Maybe it's time to reconsider adding TEI to model.resourceLike. This is not "just a matter of terminology" -- or rather, no more so than everything in the TEI is: a classic "TEI" thing was meant to be a combination of metadata with one or more non-metadata resources. (Yes, the distinction between metadata and not-metadata is arbitrary and conventional. So is the distinction between text and div. Next.). A classic "teiCorpus" thing was meant to be a combination of metadata and one or more "TEI" things.    So, if the issue we are trying to fix is that in Standoffland there is need to consider a "TEI" thing as being itself a unitary resource, I humbly suggest the way is to call it something else: an encapsulated TEI for example, and add that new thingie to model.resourceLike, keeping the original definitions more or less intact. Otherwise everyone is going to get horribly confused, and I don't think it's possible to create a model which will not permit nonsense.
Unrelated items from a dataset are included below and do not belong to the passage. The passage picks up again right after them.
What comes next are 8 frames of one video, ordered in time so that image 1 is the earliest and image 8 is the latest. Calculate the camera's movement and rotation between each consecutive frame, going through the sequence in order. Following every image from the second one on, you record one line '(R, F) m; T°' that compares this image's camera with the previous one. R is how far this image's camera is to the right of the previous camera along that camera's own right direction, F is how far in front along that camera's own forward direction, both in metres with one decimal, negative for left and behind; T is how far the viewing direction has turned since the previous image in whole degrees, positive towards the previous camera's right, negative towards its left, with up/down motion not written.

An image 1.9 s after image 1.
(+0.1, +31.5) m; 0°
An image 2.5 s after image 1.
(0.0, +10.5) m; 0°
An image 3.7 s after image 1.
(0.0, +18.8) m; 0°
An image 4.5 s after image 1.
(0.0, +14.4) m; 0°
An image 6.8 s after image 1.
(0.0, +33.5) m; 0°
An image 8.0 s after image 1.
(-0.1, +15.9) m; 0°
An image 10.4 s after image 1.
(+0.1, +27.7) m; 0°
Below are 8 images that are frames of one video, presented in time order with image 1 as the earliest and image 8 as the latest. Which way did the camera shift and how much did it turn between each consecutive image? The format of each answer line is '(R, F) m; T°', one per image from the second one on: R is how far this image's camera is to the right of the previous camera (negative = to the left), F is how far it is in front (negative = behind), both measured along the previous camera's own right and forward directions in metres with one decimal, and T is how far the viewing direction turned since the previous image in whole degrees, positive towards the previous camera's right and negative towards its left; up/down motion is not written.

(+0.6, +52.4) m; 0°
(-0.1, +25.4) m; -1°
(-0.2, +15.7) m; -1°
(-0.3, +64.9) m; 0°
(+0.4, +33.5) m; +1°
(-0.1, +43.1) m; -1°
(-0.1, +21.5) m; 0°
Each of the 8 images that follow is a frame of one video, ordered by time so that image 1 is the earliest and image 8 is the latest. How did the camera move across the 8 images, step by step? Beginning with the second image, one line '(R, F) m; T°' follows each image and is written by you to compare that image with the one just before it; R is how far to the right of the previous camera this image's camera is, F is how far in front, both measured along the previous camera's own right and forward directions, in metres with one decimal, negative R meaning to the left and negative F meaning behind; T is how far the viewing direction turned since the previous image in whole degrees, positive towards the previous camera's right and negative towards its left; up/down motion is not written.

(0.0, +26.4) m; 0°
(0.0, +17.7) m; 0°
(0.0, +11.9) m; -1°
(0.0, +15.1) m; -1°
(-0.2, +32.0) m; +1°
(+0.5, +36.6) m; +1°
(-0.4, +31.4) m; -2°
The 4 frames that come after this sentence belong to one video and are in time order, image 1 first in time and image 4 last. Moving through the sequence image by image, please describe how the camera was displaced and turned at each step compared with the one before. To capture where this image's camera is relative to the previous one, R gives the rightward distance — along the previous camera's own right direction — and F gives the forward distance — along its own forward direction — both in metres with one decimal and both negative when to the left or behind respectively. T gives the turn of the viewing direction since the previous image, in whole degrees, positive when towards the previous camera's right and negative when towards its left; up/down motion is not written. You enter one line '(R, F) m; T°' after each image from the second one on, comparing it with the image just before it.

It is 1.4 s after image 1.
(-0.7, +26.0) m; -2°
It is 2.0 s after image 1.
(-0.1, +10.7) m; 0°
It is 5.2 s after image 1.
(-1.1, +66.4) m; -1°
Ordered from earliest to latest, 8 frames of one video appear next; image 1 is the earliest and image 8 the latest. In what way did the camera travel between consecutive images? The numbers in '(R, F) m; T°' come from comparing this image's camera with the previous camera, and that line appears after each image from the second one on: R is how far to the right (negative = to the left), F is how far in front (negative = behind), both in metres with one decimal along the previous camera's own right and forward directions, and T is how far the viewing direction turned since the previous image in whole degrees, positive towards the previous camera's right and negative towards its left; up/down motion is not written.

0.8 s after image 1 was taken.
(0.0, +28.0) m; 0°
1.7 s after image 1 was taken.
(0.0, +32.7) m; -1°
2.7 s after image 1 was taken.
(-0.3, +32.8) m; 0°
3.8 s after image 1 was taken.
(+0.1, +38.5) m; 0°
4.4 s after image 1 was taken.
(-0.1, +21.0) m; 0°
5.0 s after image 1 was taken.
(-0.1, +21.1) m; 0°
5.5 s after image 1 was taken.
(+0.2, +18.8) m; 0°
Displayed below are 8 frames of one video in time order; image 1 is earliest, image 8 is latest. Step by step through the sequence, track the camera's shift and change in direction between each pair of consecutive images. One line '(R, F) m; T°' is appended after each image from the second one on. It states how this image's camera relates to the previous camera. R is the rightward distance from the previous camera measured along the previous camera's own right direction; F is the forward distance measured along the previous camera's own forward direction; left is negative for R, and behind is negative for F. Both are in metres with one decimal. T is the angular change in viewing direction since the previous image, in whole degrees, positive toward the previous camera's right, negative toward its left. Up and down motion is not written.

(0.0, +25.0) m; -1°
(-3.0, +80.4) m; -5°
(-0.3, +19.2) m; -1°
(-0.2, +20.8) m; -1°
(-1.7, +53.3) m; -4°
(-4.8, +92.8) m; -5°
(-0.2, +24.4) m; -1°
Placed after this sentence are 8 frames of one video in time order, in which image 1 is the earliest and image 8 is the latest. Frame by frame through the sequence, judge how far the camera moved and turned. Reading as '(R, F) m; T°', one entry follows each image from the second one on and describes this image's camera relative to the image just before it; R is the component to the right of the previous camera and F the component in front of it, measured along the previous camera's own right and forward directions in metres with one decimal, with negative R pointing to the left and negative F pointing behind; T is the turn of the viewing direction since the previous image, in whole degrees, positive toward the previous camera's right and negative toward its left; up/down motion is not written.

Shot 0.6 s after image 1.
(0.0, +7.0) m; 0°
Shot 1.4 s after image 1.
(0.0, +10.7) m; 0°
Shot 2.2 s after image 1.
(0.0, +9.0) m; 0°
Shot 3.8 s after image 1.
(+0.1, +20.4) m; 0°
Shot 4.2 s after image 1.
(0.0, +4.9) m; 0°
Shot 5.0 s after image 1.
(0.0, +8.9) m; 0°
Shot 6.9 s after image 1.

On 11/12/2019 16:24, Lou Burnard wrote:
Good. But how is it going to be fixed?

On 10/12/2019 18:54, Peter Stadler wrote:
Yes, and we already decided to fix this during our f2f at Graz: https://github.com/TEIC/TEI/issues/1823#issuecomment-531465879

Peter

Am 10.12.2019 um 15:19 schrieb James Cummings <James.Cummings@newcastle.ac.uk>:


This seems to be a disastrous error introduced in TEI P5 3.0.0. I despair.

Many thanks,
James

--
Dr James Cummings, James.Cummings@newcastle.ac.uk
Senior Lecturer in Late-Medieval Literature and Digital Humanities
School of English, Newcastle University
From: Tei-council <tei-council-bounces@lists.tei-c.org> on behalf of Hugh Cayless <philomousos@gmail.com>
Sent: 10 December 2019 14:11
To: tei-council@lists.tei-c.org <tei-council@lists.tei-c.org>
Subject: Re: [Tei-council] standOff problem #1: content model of <teiCorpus>

You can already have <text> as a child of <teiCorpus> I'm afraid...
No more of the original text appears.